Saved data entries:
"""

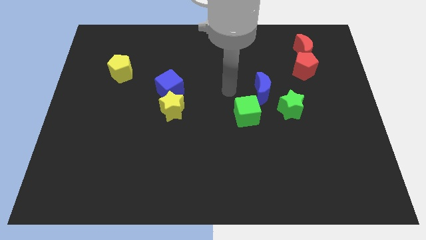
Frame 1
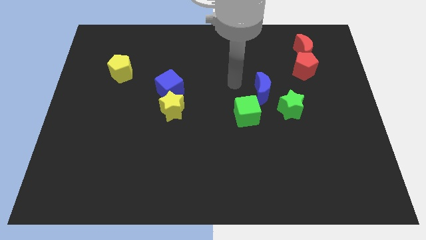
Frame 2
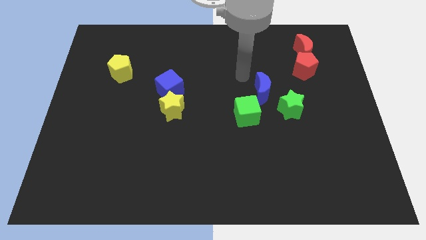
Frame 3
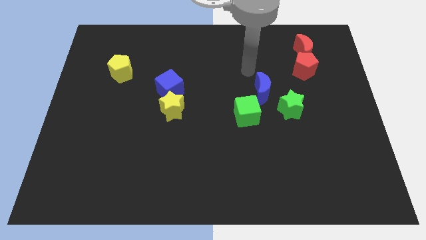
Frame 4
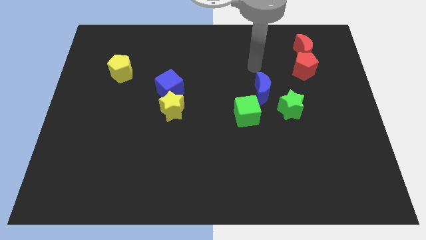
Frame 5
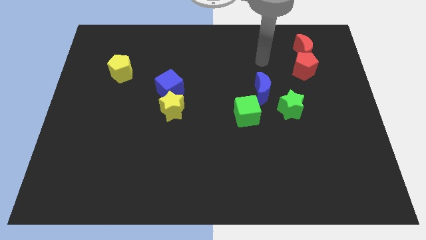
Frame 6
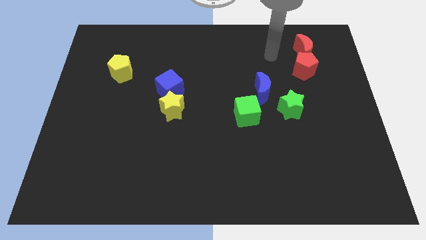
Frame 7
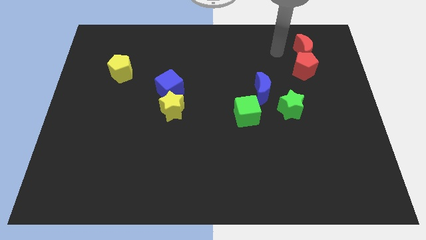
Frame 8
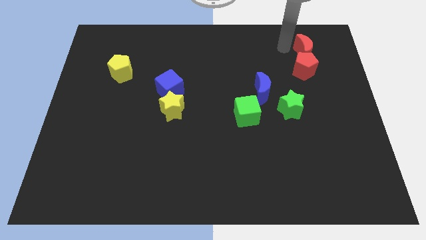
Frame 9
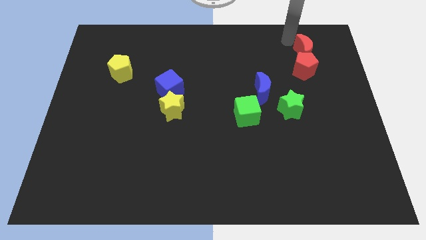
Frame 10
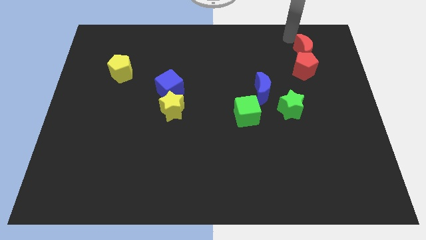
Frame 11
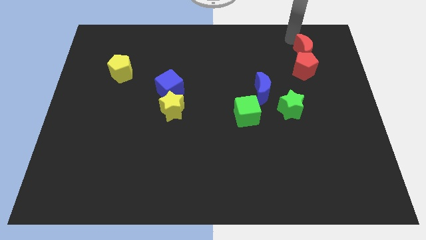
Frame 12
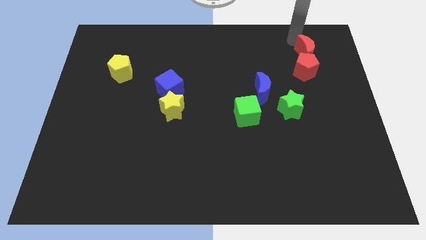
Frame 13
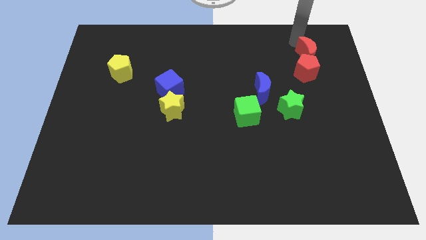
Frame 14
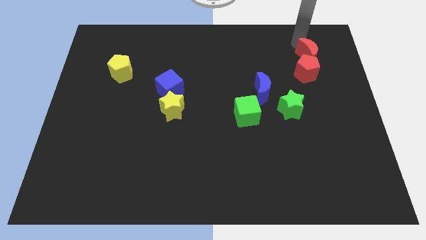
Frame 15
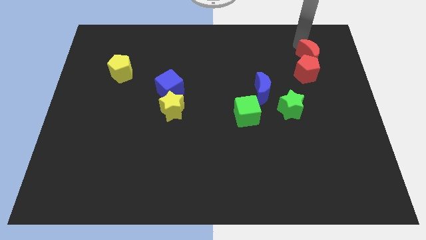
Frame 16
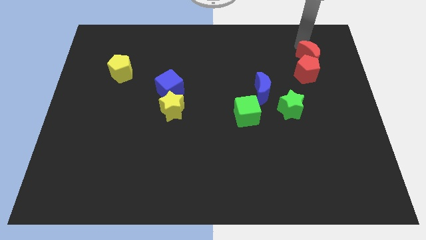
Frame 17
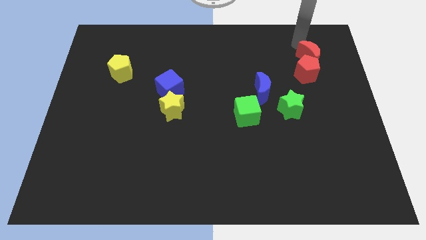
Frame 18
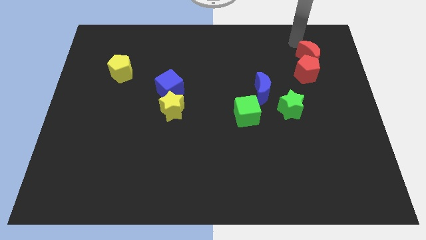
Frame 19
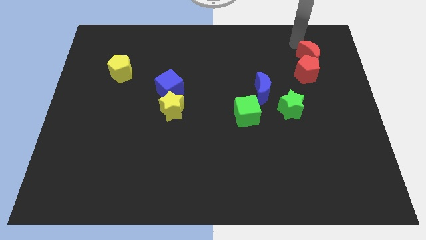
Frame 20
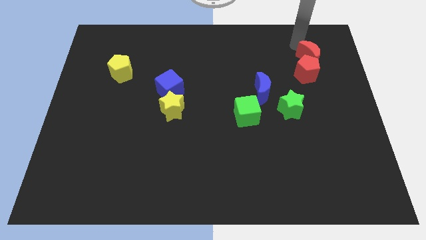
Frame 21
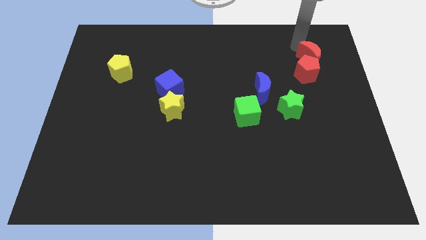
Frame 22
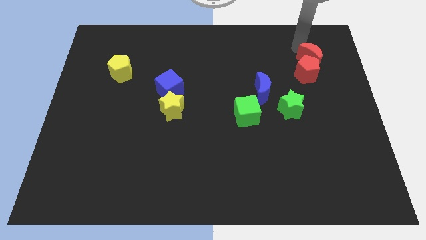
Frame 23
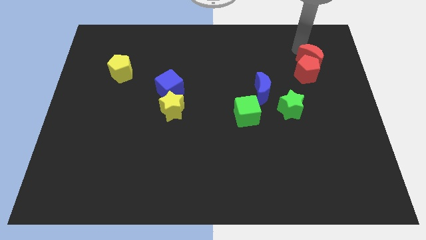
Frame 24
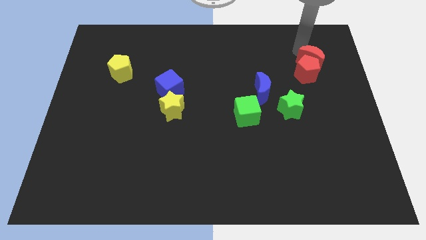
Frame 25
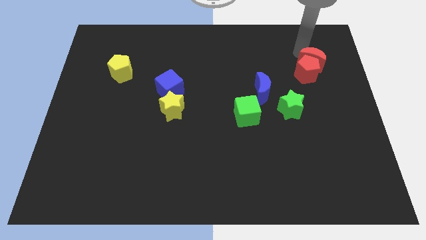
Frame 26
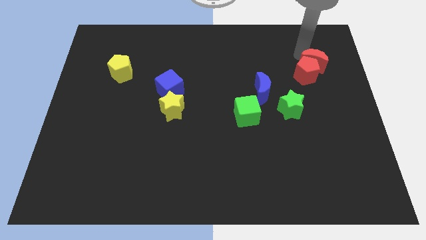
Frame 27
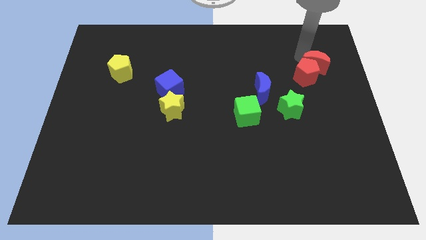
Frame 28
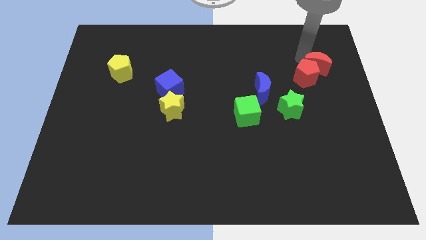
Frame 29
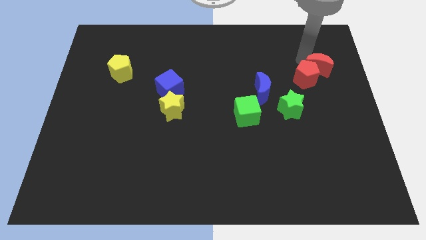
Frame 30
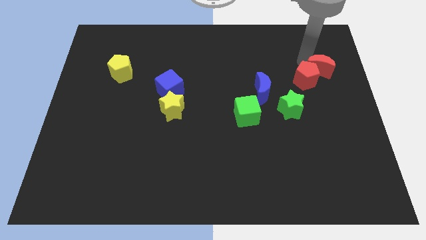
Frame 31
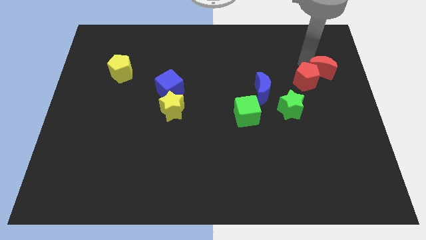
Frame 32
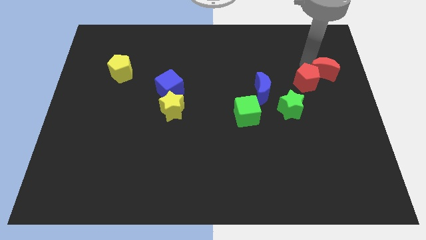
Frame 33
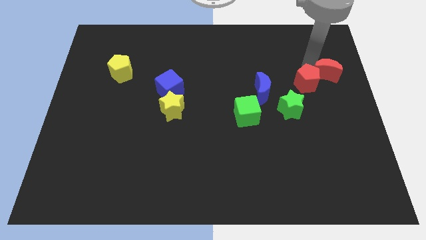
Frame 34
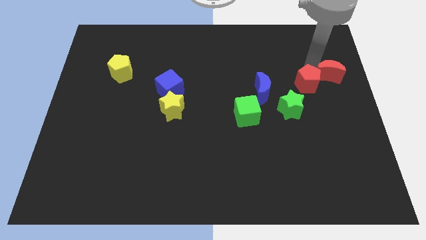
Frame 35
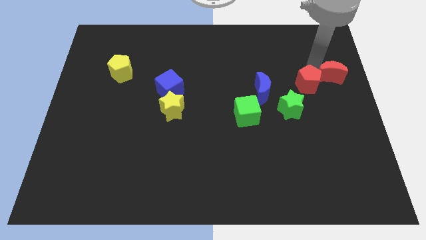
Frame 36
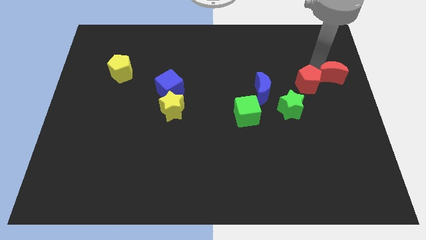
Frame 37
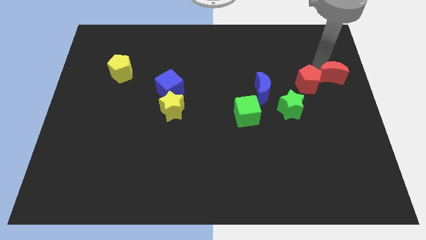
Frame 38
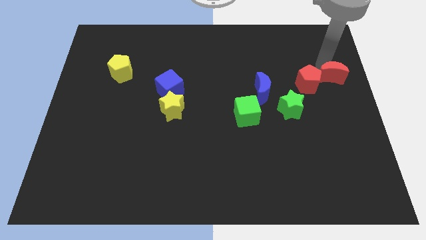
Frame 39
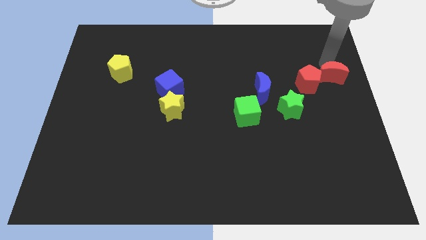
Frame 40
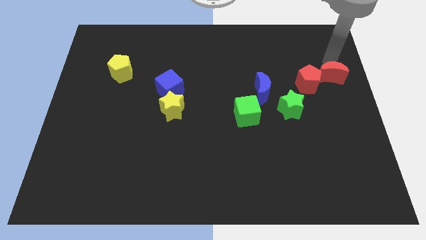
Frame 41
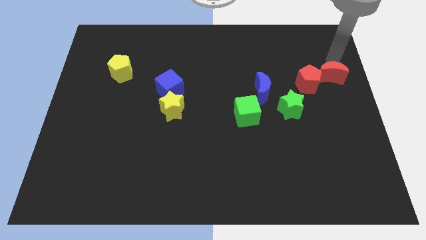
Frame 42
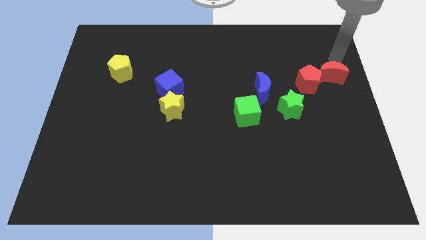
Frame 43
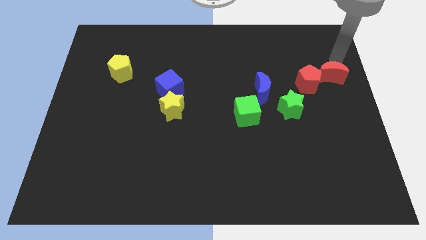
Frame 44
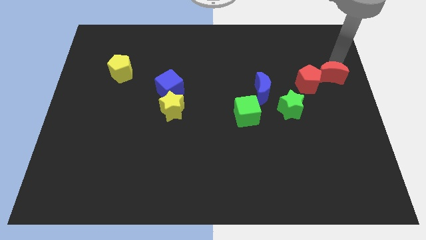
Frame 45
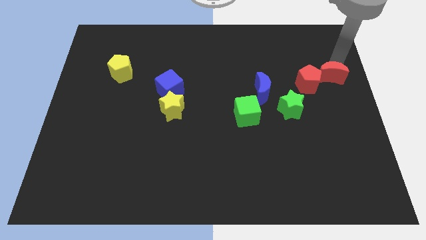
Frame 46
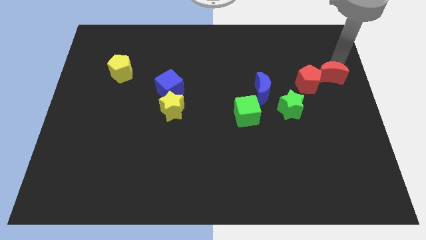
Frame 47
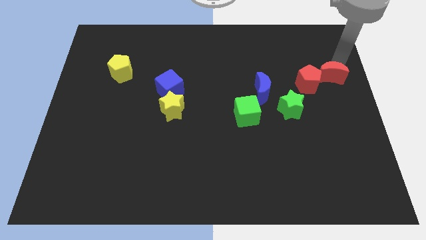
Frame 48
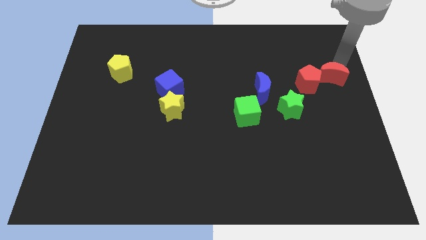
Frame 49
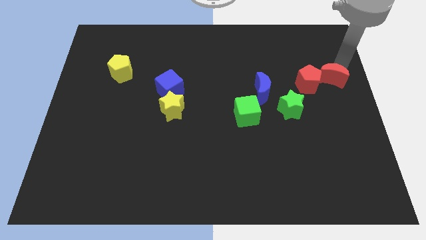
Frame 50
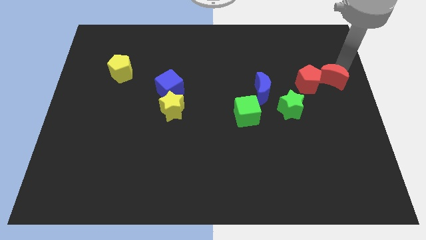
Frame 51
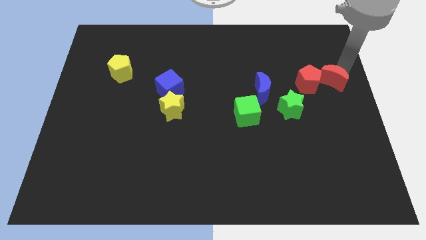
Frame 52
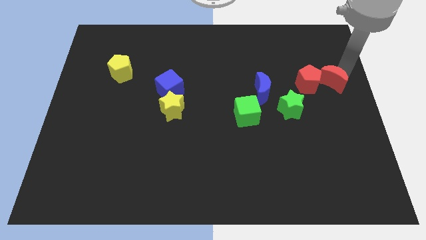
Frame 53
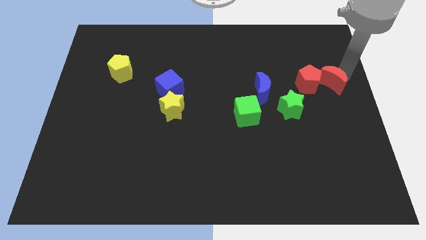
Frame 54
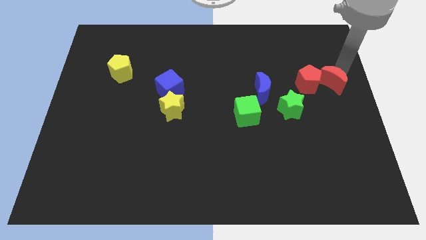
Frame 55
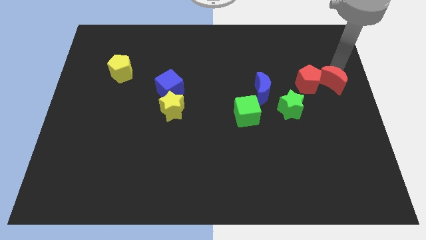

"""

**Task**. Output all of the data exactly as it stands, minus any images.

**Solved exercise**.
Frame 1
Frame 2
Frame 3
Frame 4
Frame 5
Frame 6
Frame 7
Frame 8
Frame 9
Frame 10
Frame 11
Frame 12
Frame 13
Frame 14
Frame 15
Frame 16
Frame 17
Frame 18
Frame 19
Frame 20
Frame 21
Frame 22
Frame 23
Frame 24
Frame 25
Frame 26
Frame 27
Frame 28
Frame 29
Frame 30
Frame 31
Frame 32
Frame 33
Frame 34
Frame 35
Frame 36
Frame 37
Frame 38
Frame 39
Frame 40
Frame 41
Frame 42
Frame 43
Frame 44
Frame 45
Frame 46
Frame 47
Frame 48
Frame 49
Frame 50
Frame 51
Frame 52
Frame 53
Frame 54
Frame 55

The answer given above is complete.